PDF(Pubmed)
Abstract:
It is well-established that the structural, morphological and performance characteristics of nanoscale materials critically depend upon the dispersion state of the nanofillers that is, in turn, largely determined by the preparation protocol. In this report, we review synthetic strategies that capitalise on the in situ generation of nanoparticles on and within polymeric materials, an approach that relies on the chemical transformation of suitable precursors to functional nanoparticles synchronous with the build-up of the nanohybrid systems. This approach is distinctively different compared to standard preparation methods that exploit the dispersion of preformed nanoparticles within the macromolecular host and presents advantages in terms of time and cost effectiveness, environmental friendliness and the uniformity of the resulting composites. Notably, the in situ-generated nanoparticles tend to nucleate and grow on the active sites of the macromolecular chains, showing strong adhesion on the polymeric host. So far, this strategy has been explored in fabrics and membranes comprising metallic nanoparticles (silver, gold, platinum, copper, etc.) in relation to their antimicrobial and antifouling applications, while proof-of-concept demonstrations for carbon- and silica-based nanoparticles as well as titanium oxide-, layered double hydroxide-, hectorite-, lignin- and hydroxyapatite-based nanocomposites have been reported. The nanocomposites thus prepared are ideal candidates for a broad spectrum of applications such as water purification, environmental remediation, antimicrobial treatment, mechanical reinforcement, optical devices, etc.
摘要:
这是公认的结构,纳米级材料的形态和性能特征主要取决于纳米填料的分散状态,即反过来,很大程度上取决于准备方案。

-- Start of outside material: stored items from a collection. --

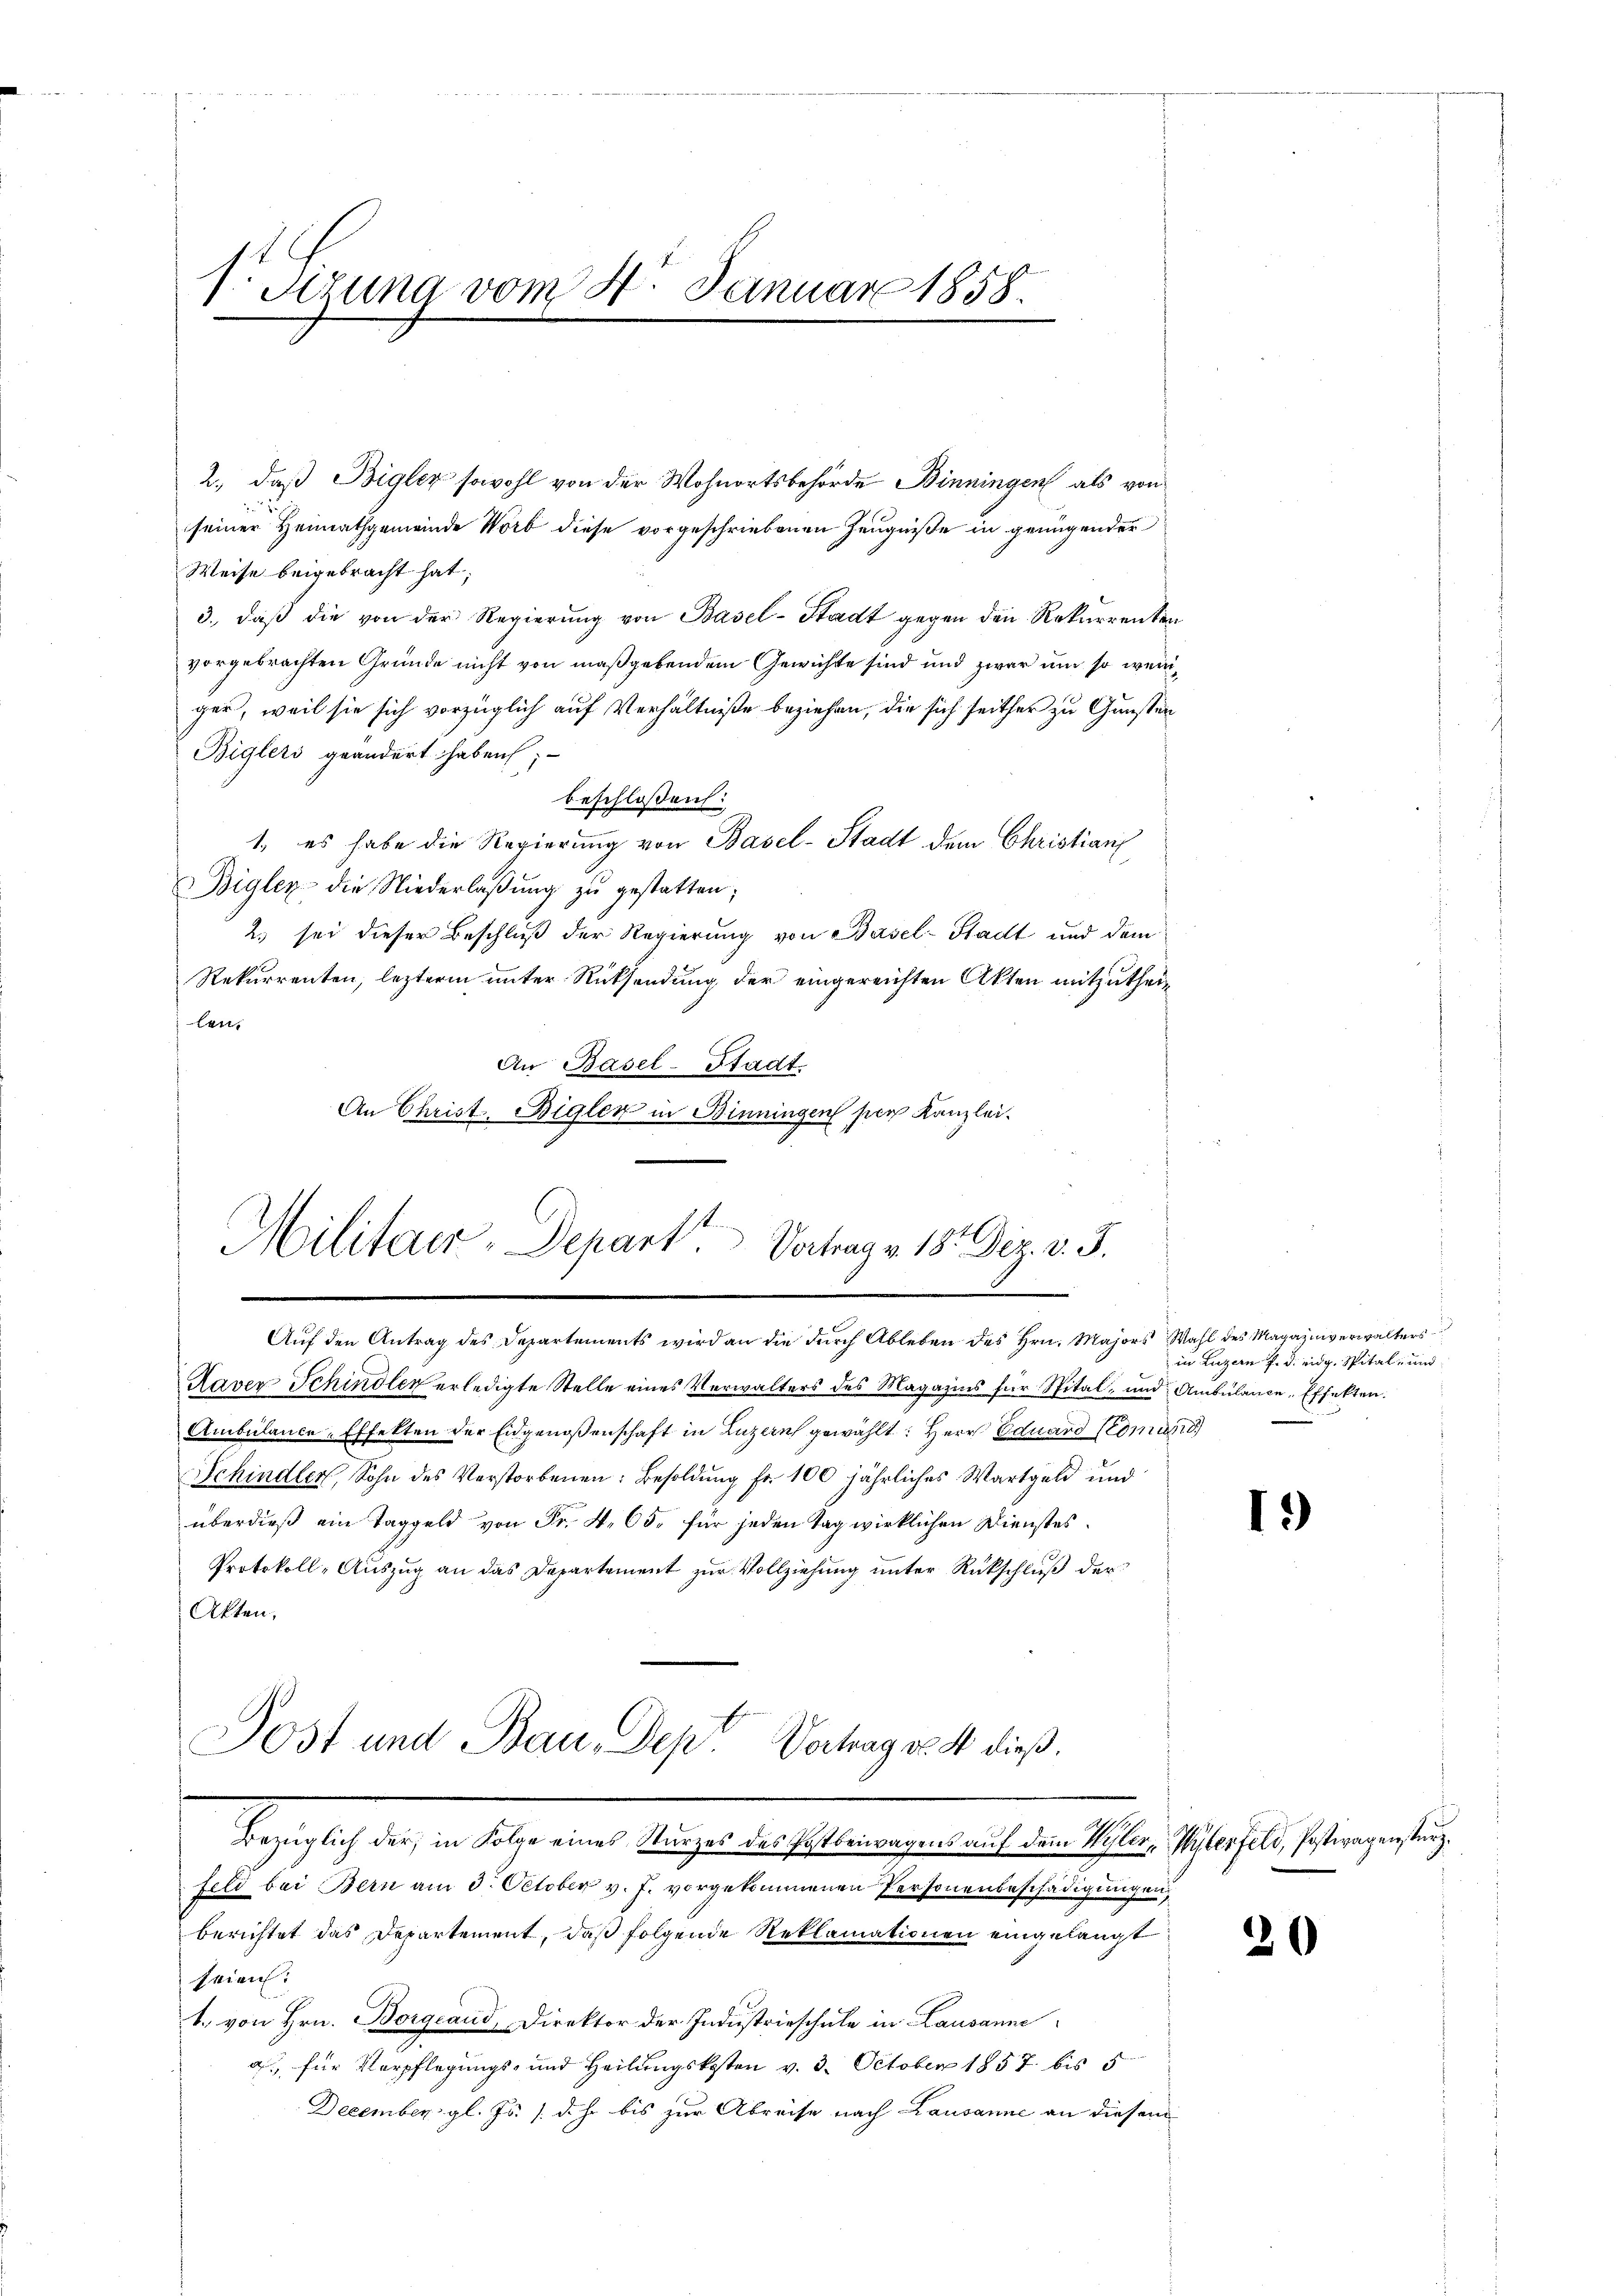
Setzung vom 4. Januar 1858.

2., daß Bigler sowohl von der Wohnortsbehörde Binningen als von
seiner Heimathgemeinde Worb diese vorgeschriebenen Zeugniße in genügender
Weise beigebracht hat;
3., daß die von der Regierung von Basel-Stadt gegen den Rekurrenten
vorgebrachten Gründe nicht von maßgebendem Gewichte sind und zwar um so weniger, weil sie sich vorzüglich auf Verhältniße beziehen, die sich seither zu Gunsten
Biglers geändert haben;
beschlossen:
1., es habe die Regierung von Basel-Stadt dem Christian
Bigler die Niederlaβŭng zŭ gestatten;
2. sei dieser Beschluß der Regierung von Basel-Stadt und dem
Rekurrenten, lezterm unter Rücksendung der eingereichten Akten mitzutheilen.
An Basel-Stadt
An Christ Bigler in Binningen per Kanzlei.
Militaer-Depart Vortrag v. 18. Dez. v. 5.

Auf den Antrag des Departements wird an die durch Ableben des Hrn. Majors Wahl des Magazinverwalters
Raver Schindler erledigte Stelle eines Verwalters des Magazins für Spital- und Ambülance-Effekten.
Ambulance-Effekten der Eidgenoßenschaft in Luzern gewählt: Herr Eduard Nomi
Schindler, Sohn des Verstorbenen: Besoldung fr. 100 jährliches Wartgeld und
überdieß ein Taggeld von Fr. 4. 65, für jeden Tag wirklichen Dienstes¬
Protokoll-Auszug an das Departement zur Vollziehung unter Rückschluß der
Akten.

Post und Bau, Dept Vertrag d. 4 dieß¬

behelich den ist eine beigerecht eine er sei es sei es aus eine ein

Feld bei Bern am 3. October v. J. vorgekommenen Personenbeschädigungen
berichtet das Departement, daß folgende Reklamationen eingelangt
seien.
1. von Hrn. Borgeaud, Direktor der Industrieschule in Lausanne
a, für Verpflegungs- und Heilungskosten v. 3. October 1857 bis 5
December gl. Js. (d. h. bis zur Abreise nach Lausanne an diesem

in Luzern f. d. eidg. Spital- und

1.)

20

在这份报告中,我们回顾了利用聚合物材料上和聚合物材料内纳米颗粒原位生成的合成策略,一种方法,依赖于合适的前体的化学转化为功能纳米颗粒与纳米混合体系的建立同步。与利用预制纳米颗粒在大分子主体中的分散的标准制备方法相比,这种方法具有明显的不同,并且在时间和成本效益方面具有优势。环境友好性和所得复合材料的均匀性。值得注意的是,原位生成的纳米颗粒倾向于在大分子链的活性位点上成核和生长,显示在聚合物主体上的强粘附性。到目前为止,这种策略已经在包含金属纳米颗粒(银,黄金,铂金,铜,等。)关于它们的抗菌和防污应用,虽然碳基和硅基纳米粒子以及氧化钛的概念验证演示,层状双氢氧化物-,hectorite-,已经报道了木质素和羟基磷灰石基纳米复合材料。如此制备的纳米复合材料是广泛应用如水净化的理想候选物。环境修复,抗菌治疗,机械加固,光学设备,等。